Blog N0. 30
I like to think of myself as a car guy. I’m not one of those people who live in their garage and/or drive around like idiots trying to race people. I don’t even spend as much time working on my car as I would like. (Or as I imagine it could be like in an 80s movie montage getting ready for the big race against the bad guys or something). I do change my own oil and I spent a good chunk on time watching Top Gear and visiting Jalopnik though.
It was in that time ogling super cars that realized what a lack of car culture there is in my generation and younger. I’ve read a bunch of articles that try to figure out why young people aren’t interested in cars anymore and they all have reasons that make some sense but I think there is one big reason (right out there for everyone to see) that is overlooked. New cars are lame.

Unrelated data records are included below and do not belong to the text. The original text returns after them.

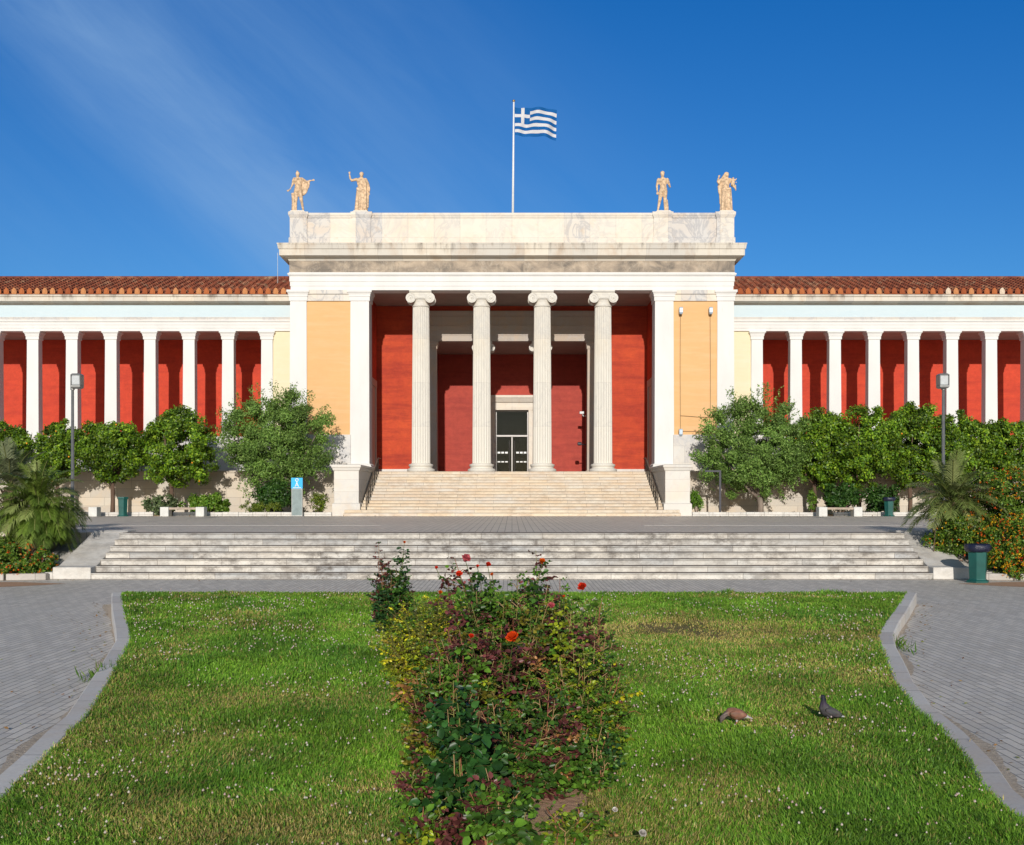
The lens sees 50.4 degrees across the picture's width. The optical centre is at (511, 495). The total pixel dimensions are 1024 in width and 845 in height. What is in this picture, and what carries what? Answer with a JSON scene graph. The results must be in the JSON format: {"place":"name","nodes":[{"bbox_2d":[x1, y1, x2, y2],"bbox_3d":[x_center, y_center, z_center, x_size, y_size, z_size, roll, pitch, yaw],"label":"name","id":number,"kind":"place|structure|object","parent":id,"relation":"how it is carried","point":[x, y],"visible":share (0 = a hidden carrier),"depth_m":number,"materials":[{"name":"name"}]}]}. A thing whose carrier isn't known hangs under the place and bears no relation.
{"place":"outdoors","nodes":[
{"label":"outdoors","id":0,"kind":"place"},
{"bbox_2d":[0,537,53,572],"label":"planting slope","id":1,"kind":"structure","parent":0,"point":[24,553],"depth_m":29.47,"materials":[{"name":"soil"}]},
{"bbox_2d":[0,532,58,575],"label":"lantana bush","id":2,"kind":"object","parent":1,"relation":"on","point":[13,559],"visible":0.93,"depth_m":28.01,"materials":[{"name":"green plant"}]},
{"bbox_2d":[0,459,91,555],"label":"palm","id":3,"kind":"object","parent":1,"relation":"on","point":[45,519],"visible":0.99,"depth_m":28.85,"materials":[{"name":"green plant"}]},
{"bbox_2d":[900,448,1007,549],"bbox_3d":[12.037,0.121,29.727,2.897,2.784,2.801,0,0,0],"label":"palm","id":4,"kind":"object","parent":1,"relation":"on","point":[950,484],"visible":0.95,"depth_m":29.30,"materials":[{"name":"green plant"}]},
{"bbox_2d":[920,460,1023,579],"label":"lantana bush","id":5,"kind":"object","parent":1,"relation":"on","point":[1005,554],"visible":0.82,"depth_m":28.82,"materials":[{"name":"green plant"}]},
{"bbox_2d":[0,516,1005,551],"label":"terrace paving","id":6,"kind":"structure","parent":0,"point":[511,524],"depth_m":38.98,"materials":[{"name":"grey stone"}]},
{"bbox_2d":[0,437,56,531],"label":"palm","id":7,"kind":"object","parent":6,"relation":"on","point":[9,464],"visible":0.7,"depth_m":31.25,"materials":[{"name":"green plant"}]},
{"bbox_2d":[70,373,83,513],"bbox_3d":[-14.420,-1.496,35.970,0.399,5.067,0.346,0,0,0],"label":"street lamp","id":8,"kind":"object","parent":6,"relation":"on","point":[76,380],"visible":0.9,"depth_m":35.96,"materials":[{"name":"grey metal"}]},
{"bbox_2d":[81,507,100,516],"bbox_3d":[-21.572,0.802,54.100,2.036,0.470,0.560,0,0,0],"label":"stone bench","id":9,"kind":"object","parent":6,"relation":"on","point":[94,511],"visible":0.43,"depth_m":53.82,"materials":[{"name":"white stone"}]},
{"bbox_2d":[117,497,127,515],"bbox_3d":[-19.438,0.552,54.300,0.570,0.970,0.494,0,0,0],"label":"litter bin","id":10,"kind":"object","parent":6,"relation":"on","point":[122,505],"visible":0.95,"depth_m":54.11,"materials":[{"name":"green paint"}]},
{"bbox_2d":[160,507,206,516],"bbox_3d":[-16.337,0.802,54.100,2.182,0.470,0.560,0,0,0],"label":"stone bench","id":11,"kind":"object","parent":6,"relation":"on","point":[167,511],"visible":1,"depth_m":53.83,"materials":[{"name":"white stone"}]},
{"bbox_2d":[291,478,302,515],"bbox_3d":[-10.788,0.073,54.577,0.570,1.928,0.146,0,0,0],"label":"information sign","id":12,"kind":"object","parent":6,"relation":"on","point":[296,496],"visible":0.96,"depth_m":54.54,"materials":[{"name":"grey metal"}]},
{"bbox_2d":[0,212,1023,515],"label":"museum building","id":13,"kind":"structure","parent":6,"relation":"on","point":[456,364],"depth_m":62.71,"materials":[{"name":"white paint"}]},
{"bbox_2d":[287,171,314,211],"bbox_3d":[-11.867,-17.025,61.050,1.566,2.444,0.800,0,0,0],"label":"statue","id":14,"kind":"object","parent":13,"relation":"on","point":[302,186],"visible":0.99,"depth_m":60.98,"materials":[{"name":"stone"}]},
{"bbox_2d":[349,172,369,211],"bbox_3d":[-8.565,-16.999,61.050,1.228,2.392,0.800,0,0,0],"label":"statue","id":15,"kind":"object","parent":13,"relation":"on","point":[362,196],"visible":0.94,"depth_m":60.89,"materials":[{"name":"stone"}]},
{"bbox_2d":[366,458,380,509],"bbox_3d":[-7.380,-0.578,57.939,0.060,3.055,5.922,0,0,0],"label":"handrail","id":16,"kind":"object","parent":13,"relation":"on","point":[373,479],"visible":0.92,"depth_m":57.47,"materials":[{"name":"metal"}]},
{"bbox_2d":[372,377,376,470],"bbox_3d":[-8.140,-4.088,63.950,0.120,5.510,2.300,0,0,0],"label":"side door","id":17,"kind":"structure","parent":13,"relation":"in","point":[374,383],"depth_m":64.38,"materials":[{"name":"wood"}]},
{"bbox_2d":[496,410,527,470],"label":"door","id":18,"kind":"structure","parent":13,"relation":"in","point":[511,426],"depth_m":72.52,"materials":[{"name":"glass"}]},
{"bbox_2d":[512,100,514,212],"bbox_3d":[0.056,-19.132,62.600,0.268,7.319,0.240,0,0,0],"label":"flagpole","id":19,"kind":"object","parent":13,"relation":"attached to","point":[513,101],"visible":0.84,"depth_m":62.55,"materials":[{"name":"white metal"}]},
{"bbox_2d":[514,107,556,140],"bbox_3d":[1.370,-21.413,62.560,2.442,1.879,0.458,0,0,-4],"label":"flag","id":20,"kind":"object","parent":19,"relation":"attached to","point":[535,122],"visible":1,"depth_m":62.61,"materials":[{"name":"fabric"}]},
{"bbox_2d":[647,377,651,470],"bbox_3d":[8.140,-4.088,63.950,0.120,5.510,2.300,0,0,0],"label":"side door","id":21,"kind":"structure","parent":13,"relation":"in","point":[649,383],"depth_m":64.38,"materials":[{"name":"wood"}]},
{"bbox_2d":[643,458,657,509],"bbox_3d":[7.380,-0.578,57.939,0.060,3.055,5.922,0,0,0],"label":"handrail","id":22,"kind":"object","parent":13,"relation":"on","point":[650,479],"visible":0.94,"depth_m":57.47,"materials":[{"name":"metal"}]},
{"bbox_2d":[656,171,671,211],"bbox_3d":[8.472,-17.015,61.050,0.880,2.424,0.800,0,0,0],"label":"statue","id":23,"kind":"object","parent":13,"relation":"on","point":[662,182],"visible":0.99,"depth_m":60.96,"materials":[{"name":"stone"}]},
{"bbox_2d":[680,316,680,428],"bbox_3d":[9.395,-6.885,60.714,0.040,6.477,0.025,0,0,0],"label":"wall cable","id":24,"kind":"object","parent":13,"relation":"attached to","point":[680,395],"depth_m":60.71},
{"bbox_2d":[679,307,682,315],"bbox_3d":[9.402,-10.268,60.570,0.200,0.437,0.340,0,0,0],"label":"wall spotlight","id":25,"kind":"object","parent":13,"relation":"attached to","point":[680,310],"depth_m":60.41,"materials":[{"name":"metal"}]},
{"bbox_2d":[710,343,710,415],"bbox_3d":[11.069,-7.252,60.714,0.040,5.742,0.025,0,0,0],"label":"wall cable","id":26,"kind":"object","parent":13,"relation":"attached to","point":[710,378],"depth_m":60.71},
{"bbox_2d":[709,307,712,314],"bbox_3d":[11.062,-10.268,60.570,0.200,0.437,0.340,0,0,0],"label":"wall spotlight","id":27,"kind":"object","parent":13,"relation":"attached to","point":[710,310],"depth_m":60.40,"materials":[{"name":"metal"}]},
{"bbox_2d":[717,172,736,211],"bbox_3d":[12.039,-16.989,61.050,1.125,2.372,0.800,0,0,0],"label":"statue","id":28,"kind":"object","parent":13,"relation":"on","point":[724,181],"visible":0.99,"depth_m":60.91,"materials":[{"name":"stone"}]},
{"bbox_2d":[70,512,987,515],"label":"kerb","id":29,"kind":"structure","parent":6,"relation":"on","point":[330,513],"depth_m":54.93,"materials":[{"name":"white stone"}]},
{"bbox_2d":[816,507,862,516],"bbox_3d":[16.276,0.802,54.100,2.157,0.470,0.560,0,0,0],"label":"stone bench","id":30,"kind":"object","parent":6,"relation":"on","point":[855,511],"visible":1,"depth_m":53.83,"materials":[{"name":"white stone"}]},
{"bbox_2d":[882,497,895,515],"bbox_3d":[18.830,0.557,54.292,0.636,0.960,0.649,0,0,0],"label":"litter bin","id":31,"kind":"object","parent":6,"relation":"on","point":[889,504],"visible":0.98,"depth_m":54.11,"materials":[{"name":"green paint"}]},
{"bbox_2d":[936,373,949,499],"bbox_3d":[14.249,-1.496,35.970,0.326,5.067,0.346,0,0,0],"label":"street lamp","id":32,"kind":"object","parent":6,"relation":"on","point":[942,381],"visible":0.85,"depth_m":35.96,"materials":[{"name":"grey metal"}]},
{"bbox_2d":[1,515,1018,769],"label":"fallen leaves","id":33,"kind":"object","parent":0,"point":[515,579],"visible":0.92,"depth_m":15.25,"materials":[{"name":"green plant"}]},
{"bbox_2d":[0,579,1023,789],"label":"plaza paving","id":34,"kind":"structure","parent":0,"point":[982,626],"depth_m":17.00,"materials":[{"name":"grey stone"}]},
{"bbox_2d":[0,573,48,580],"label":"planter kerb","id":35,"kind":"structure","parent":34,"relation":"on","point":[26,576],"depth_m":27.68,"materials":[{"name":"stone"}]},
{"bbox_2d":[21,530,135,578],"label":"stair side wall","id":36,"kind":"structure","parent":34,"relation":"on","point":[82,560],"depth_m":29.07,"materials":[{"name":"stone"}]},
{"bbox_2d":[91,533,932,578],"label":"steps","id":37,"kind":"structure","parent":34,"relation":"on","point":[511,556],"depth_m":29.00,"materials":[{"name":"stone"}]},
{"bbox_2d":[125,532,898,532],"bbox_3d":[0.000,1.085,30.525,21.680,0.104,0.450,0,0,0],"label":"step landing edge","id":38,"kind":"object","parent":37,"relation":"on","point":[511,532],"visible":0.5,"depth_m":30.42,"materials":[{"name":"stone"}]},
{"bbox_2d":[0,592,1023,820],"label":"lawn kerb","id":39,"kind":"structure","parent":34,"relation":"on","point":[994,778],"depth_m":10.59,"materials":[{"name":"stone"}]},
{"bbox_2d":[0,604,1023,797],"bbox_3d":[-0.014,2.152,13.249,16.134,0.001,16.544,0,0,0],"label":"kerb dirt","id":40,"kind":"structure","parent":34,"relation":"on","point":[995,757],"depth_m":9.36,"materials":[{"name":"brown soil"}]},
{"bbox_2d":[74,660,130,682],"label":"weed","id":41,"kind":"object","parent":40,"relation":"on","point":[92,674],"visible":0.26,"depth_m":12.77,"materials":[{"name":"green plant"}]},
{"bbox_2d":[874,629,916,654],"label":"weed","id":42,"kind":"object","parent":40,"relation":"on","point":[900,642],"visible":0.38,"depth_m":15.24,"materials":[{"name":"green plant"}]},
{"bbox_2d":[0,582,1023,586],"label":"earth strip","id":43,"kind":"object","parent":34,"relation":"on","point":[10,584],"visible":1,"depth_m":26.62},
{"bbox_2d":[888,530,1002,578],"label":"stair side wall","id":44,"kind":"structure","parent":34,"relation":"on","point":[941,565],"depth_m":28.74,"materials":[{"name":"stone"}]},
{"bbox_2d":[964,543,991,582],"bbox_3d":[11.565,1.677,26.992,0.636,0.960,0.649,0,0,0],"label":"litter bin","id":45,"kind":"object","parent":34,"relation":"on","point":[977,557],"visible":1,"depth_m":26.81,"materials":[{"name":"teal metal"}]},
{"bbox_2d":[986,573,1023,580],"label":"planter kerb","id":46,"kind":"structure","parent":34,"relation":"on","point":[994,576],"depth_m":27.66,"materials":[{"name":"stone"}]},
{"bbox_2d":[0,0,1023,275],"label":"sky","id":47,"kind":"structure","parent":0,"point":[138,137],"materials":[{"name":"blue"}]},
{"bbox_2d":[0,587,1023,844],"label":"lawn ground","id":48,"kind":"structure","parent":0,"point":[665,629],"depth_m":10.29,"materials":[{"name":"green plant"}]},
{"bbox_2d":[364,541,419,633],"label":"rose bush","id":49,"kind":"object","parent":48,"relation":"on","point":[379,596],"visible":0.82,"depth_m":15.91,"materials":[{"name":"green plant"}]},
{"bbox_2d":[369,587,472,673],"bbox_3d":[-0.951,1.626,12.581,1.369,1.126,1.265,0,0,0],"label":"yellow shrub","id":50,"kind":"object","parent":48,"relation":"on","point":[439,624],"visible":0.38,"depth_m":12.45,"materials":[{"name":"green plant"}]},
{"bbox_2d":[378,616,464,710],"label":"yellow shrub","id":51,"kind":"object","parent":48,"relation":"on","point":[408,663],"visible":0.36,"depth_m":10.52,"materials":[{"name":"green plant"}]},
{"bbox_2d":[392,799,466,844],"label":"rose bush","id":52,"kind":"object","parent":48,"relation":"on","point":[424,829],"visible":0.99,"depth_m":6.42,"materials":[{"name":"green plant"}]},
{"bbox_2d":[1,588,1017,844],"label":"clover flower","id":53,"kind":"object","parent":48,"relation":"on","point":[405,720],"visible":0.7,"depth_m":11.26,"materials":[{"name":"white plant"}]},
{"bbox_2d":[443,788,586,844],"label":"rose bed soil","id":54,"kind":"structure","parent":48,"relation":"on","point":[571,803],"depth_m":7.34,"materials":[{"name":"brown soil"}]},
{"bbox_2d":[391,751,443,812],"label":"rose bush","id":55,"kind":"object","parent":54,"relation":"on","point":[409,792],"visible":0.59,"depth_m":7.27,"materials":[{"name":"green plant"}]},
{"bbox_2d":[386,656,492,774],"bbox_3d":[-0.546,1.712,8.229,0.902,1.022,0.862,0,0,0],"label":"rose bush","id":56,"kind":"object","parent":54,"relation":"on","point":[418,722],"visible":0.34,"depth_m":8.15,"materials":[{"name":"green plant"}]},
{"bbox_2d":[408,681,515,819],"bbox_3d":[-0.321,1.739,7.114,0.715,1.016,0.659,0,0,18],"label":"rose bush","id":57,"kind":"object","parent":54,"relation":"on","point":[462,757],"visible":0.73,"depth_m":7.05,"materials":[{"name":"green plant"}]},
{"bbox_2d":[412,614,553,735],"bbox_3d":[-0.255,1.560,8.557,1.080,1.263,0.982,0,0,25],"label":"rose bush","id":58,"kind":"object","parent":54,"relation":"on","point":[506,685],"visible":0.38,"depth_m":8.43,"materials":[{"name":"green plant"}]},
{"bbox_2d":[431,768,556,844],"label":"rose bush","id":59,"kind":"object","parent":54,"relation":"on","point":[496,815],"visible":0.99,"depth_m":6.50,"materials":[{"name":"green plant"}]},
{"bbox_2d":[428,554,575,717],"bbox_3d":[-0.069,1.353,9.396,1.305,1.724,1.111,0,0,0],"label":"rose bush","id":60,"kind":"object","parent":54,"relation":"on","point":[482,614],"visible":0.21,"depth_m":9.24,"materials":[{"name":"green plant"}]},
{"bbox_2d":[471,681,591,803],"bbox_3d":[0.116,1.746,7.612,0.881,0.922,0.768,0,0,0],"label":"rose bush","id":61,"kind":"object","parent":54,"relation":"on","point":[542,764],"visible":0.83,"depth_m":7.48,"materials":[{"name":"green plant"}]},
{"bbox_2d":[516,550,583,659],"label":"rose bush","id":62,"kind":"object","parent":54,"relation":"on","point":[540,588],"visible":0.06,"depth_m":9.93,"materials":[{"name":"green plant"}]},
{"bbox_2d":[534,582,627,728],"bbox_3d":[0.572,1.470,9.290,0.841,1.473,0.736,0,0,-22],"label":"rose bush","id":63,"kind":"object","parent":54,"relation":"on","point":[591,637],"visible":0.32,"depth_m":9.19,"materials":[{"name":"green plant"}]},
{"bbox_2d":[523,638,644,785],"bbox_3d":[0.490,1.604,8.288,0.966,1.111,0.763,0,0,29],"label":"rose bush","id":64,"kind":"object","parent":54,"relation":"on","point":[597,711],"visible":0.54,"depth_m":8.16,"materials":[{"name":"green plant"}]},
{"bbox_2d":[535,800,646,844],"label":"rose bush","id":65,"kind":"object","parent":54,"relation":"on","point":[573,827],"visible":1,"depth_m":6.57,"materials":[{"name":"green plant"}]},
{"bbox_2d":[564,717,628,795],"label":"rose bush","id":66,"kind":"object","parent":54,"relation":"on","point":[593,776],"visible":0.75,"depth_m":7.75,"materials":[{"name":"green plant"}]},
{"bbox_2d":[719,707,752,725],"bbox_3d":[2.047,2.021,9.950,0.302,0.165,0.136,0,0,0],"label":"pigeon","id":67,"kind":"object","parent":48,"relation":"on","point":[736,714],"visible":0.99,"depth_m":9.92,"materials":[{"name":"brown"}]},
{"bbox_2d":[818,695,844,722],"bbox_3d":[2.964,1.975,10.100,0.239,0.253,0.136,0,0,0],"label":"pigeon","id":68,"kind":"object","parent":48,"relation":"on","point":[826,710],"visible":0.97,"depth_m":10.06,"materials":[{"name":"grey"}]},
{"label":"planting bed","id":69,"kind":"structure","parent":0,"visible":0},
{"bbox_2d":[0,419,34,470],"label":"orange tree","id":70,"kind":"object","parent":69,"relation":"on","point":[19,436],"visible":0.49,"depth_m":57.06,"materials":[{"name":"green plant"}]},
{"bbox_2d":[28,418,81,495],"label":"orange tree","id":71,"kind":"object","parent":69,"relation":"on","point":[56,445],"visible":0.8,"depth_m":56.92,"materials":[{"name":"green plant"}]},
{"bbox_2d":[70,420,148,511],"bbox_3d":[-21.149,-1.451,57.573,3.997,5.082,3.410,0,0,-37],"label":"orange tree","id":72,"kind":"object","parent":69,"relation":"on","point":[101,449],"visible":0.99,"depth_m":56.84,"materials":[{"name":"green plant"}]},
{"bbox_2d":[141,493,178,515],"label":"shrub","id":73,"kind":"object","parent":69,"relation":"on","point":[154,504],"visible":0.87,"depth_m":55.27,"materials":[{"name":"green plant"}]},
{"bbox_2d":[138,404,220,514],"bbox_3d":[-17.681,-1.887,57.393,4.520,5.954,3.698,0,0,0],"label":"orange tree","id":74,"kind":"object","parent":69,"relation":"on","point":[169,432],"visible":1,"depth_m":56.73,"materials":[{"name":"green plant"}]},
{"bbox_2d":[178,492,230,511],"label":"shrub","id":75,"kind":"object","parent":69,"relation":"on","point":[214,502],"visible":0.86,"depth_m":55.52,"materials":[{"name":"green plant"}]},
{"bbox_2d":[239,500,281,512],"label":"shrub","id":76,"kind":"object","parent":69,"relation":"on","point":[258,508],"visible":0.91,"depth_m":55.15,"materials":[{"name":"green plant"}]},
{"bbox_2d":[250,478,290,511],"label":"shrub","id":77,"kind":"object","parent":69,"relation":"on","point":[275,491],"visible":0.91,"depth_m":55.59,"materials":[{"name":"green plant"}]},
{"bbox_2d":[207,379,338,511],"bbox_3d":[-12.566,-2.512,57.464,7.040,7.227,3.994,0,0,0],"label":"olive tree","id":78,"kind":"object","parent":69,"relation":"on","point":[294,462],"visible":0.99,"depth_m":56.98,"materials":[{"name":"green plant"}]},
{"bbox_2d":[309,492,328,511],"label":"shrub","id":79,"kind":"object","parent":69,"relation":"on","point":[317,501],"visible":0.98,"depth_m":55.58,"materials":[{"name":"green plant"}]},
{"bbox_2d":[690,490,704,511],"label":"shrub","id":80,"kind":"object","parent":69,"relation":"on","point":[697,501],"visible":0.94,"depth_m":55.45,"materials":[{"name":"green plant"}]},
{"bbox_2d":[705,470,720,511],"bbox_3d":[10.349,-0.134,56.000,0.828,2.342,0.100,0,0,0],"label":"metal frame","id":81,"kind":"object","parent":69,"relation":"on","point":[719,471],"visible":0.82,"depth_m":55.95,"materials":[{"name":"grey metal"}]},
{"bbox_2d":[689,382,817,511],"bbox_3d":[12.839,-2.459,57.544,6.966,7.120,4.324,0,0,0],"label":"olive tree","id":82,"kind":"object","parent":69,"relation":"on","point":[775,468],"visible":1,"depth_m":57.01,"materials":[{"name":"green plant"}]},
{"bbox_2d":[806,487,816,511],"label":"shrub","id":83,"kind":"object","parent":69,"relation":"on","point":[810,497],"visible":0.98,"depth_m":55.85,"materials":[{"name":"green plant"}]},
{"bbox_2d":[786,406,856,511],"bbox_3d":[16.477,-1.847,57.844,3.732,5.875,3.328,0,0,0],"label":"orange tree","id":84,"kind":"object","parent":69,"relation":"on","point":[819,467],"visible":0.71,"depth_m":57.00,"materials":[{"name":"green plant"}]},
{"bbox_2d":[822,481,864,511],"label":"shrub","id":85,"kind":"object","parent":69,"relation":"on","point":[845,495],"visible":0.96,"depth_m":55.53,"materials":[{"name":"green plant"}]},
{"bbox_2d":[822,404,909,506],"bbox_3d":[18.513,-1.884,57.200,4.433,5.948,3.963,0,0,0],"label":"orange tree","id":86,"kind":"object","parent":69,"relation":"on","point":[868,462],"visible":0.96,"depth_m":56.31,"materials":[{"name":"green plant"}]},
{"bbox_2d":[862,483,900,511],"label":"shrub","id":87,"kind":"object","parent":69,"relation":"on","point":[873,501],"visible":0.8,"depth_m":55.73,"materials":[{"name":"green plant"}]},
{"bbox_2d":[881,401,953,511],"bbox_3d":[21.494,-1.987,57.947,4.342,6.153,3.738,0,0,0],"label":"orange tree","id":88,"kind":"object","parent":69,"relation":"on","point":[915,425],"visible":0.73,"depth_m":57.09,"materials":[{"name":"green plant"}]},
{"bbox_2d":[917,409,997,485],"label":"orange tree","id":89,"kind":"object","parent":69,"relation":"on","point":[965,432],"visible":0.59,"depth_m":56.66,"materials":[{"name":"green plant"}]},
{"bbox_2d":[977,417,1023,488],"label":"orange tree","id":90,"kind":"object","parent":69,"relation":"on","point":[1007,444],"visible":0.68,"depth_m":56.71,"materials":[{"name":"green plant"}]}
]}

I have to agree that cell phones are much more important to some people than their cars are. The technology is cool and useful and there is always a newer better model to be excited over coming in just a month or so. I can remember my days in high school when cell phones were still bricks that wouldn’t fit in your pocket, but even then technology was digging into car culture. All around me friends were building their own computers trying to get the most out of their motherboards by over-clocking them, seeing who could get the best frames per second on Quake 2.

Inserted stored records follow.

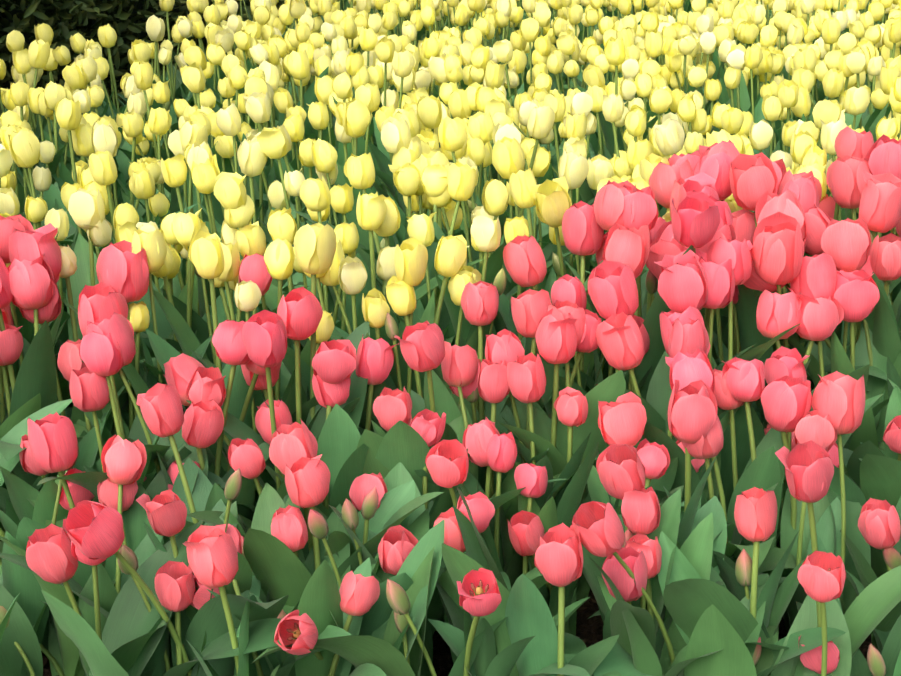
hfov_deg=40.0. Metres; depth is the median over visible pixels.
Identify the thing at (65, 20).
conifer hedge
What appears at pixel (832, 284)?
pink tulip flowers
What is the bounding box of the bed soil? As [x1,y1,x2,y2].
[41,513,871,675]
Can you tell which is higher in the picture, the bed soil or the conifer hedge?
the conifer hedge
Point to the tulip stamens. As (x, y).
(297, 633)
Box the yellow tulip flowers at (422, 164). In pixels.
[0,0,900,342]
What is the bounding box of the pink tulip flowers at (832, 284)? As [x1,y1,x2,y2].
[0,126,900,675]
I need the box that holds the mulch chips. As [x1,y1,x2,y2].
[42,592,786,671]
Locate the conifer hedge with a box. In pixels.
[0,0,305,116]
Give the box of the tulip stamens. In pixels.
[194,427,899,640]

The similarities are obvious (hopefully, I tried to write it that way). Some people who would probably be into cars are now into other things. The competition is stiff, but there is more to it. Culture as a whole is changing. People are going without cars more than they have since the time when it was a rare thing for a family to have more than one car. I have plenty of friends in bigger cities (like Toronto for an obvious example) who either don’t have a car or have one they rarely use. There is something different about having a car when it is your primary mode of transportation. It becomes more reasonable to spend the time and money working on it and talking about it when it is part of your daily life.
I’m sure there are other reasons too but the fact remains that cars used to be cool and beautiful and now they are not. The only way to get a cool or lovely car now is to buy an old one or one that costs more than most people’s houses. And lets’ not forget the insurance. It’s hard to compare an original Mustang (the first second car) to a 94 Escort (my first car). Even the new entry level
cars that companies are building specifically to combat the lack of interest young people seem to have in cars are little more than hokey boxes with way too much trim and front wheel drive.
Personally I went the old car rout. I drive a 91 MX5 now (as previously mentioned). It’s not like I have the coolest car in the world. My car is often thought of as a girl’s car, not that I get women with it, but that people assume a woman owns it but I love it. It has everything I look for in a car. It’s a sporty rear-wheel-drive stick shift with four wheel disc brakes a convertible top and good gas mileage. And the handling is superb. I get excited every time I get to drive it.
I grew up in a car family. My dad is the most particular person when it comes to car maintenance. It’s always been something that I look up to, but not something I could ever live up to. I do usually have the cleanest car of all my friends though (not that I’m bragging or anything). My passion for cars came from my dad and my older brothers. I knew from the time I was 12 that I was going to own a manual. I got a job at fifteen for the sole purpose of buying a car. It was just the way it was. I wonder now if I would still love cars as much if the situation were different. I think the possibility is strong. I may not change the oil or turn down the radio to try to hear that noise (no not that one, that’s normal; that one. It happens when I turn the wheel like this – see!) but I would probably still love to drive. I think it’s an instinct in me.
Also cars don’t attract women. Money does attract some women (and those women sometimes use expensive cars as indicators of wealth) but they cost more to maintain than the cars.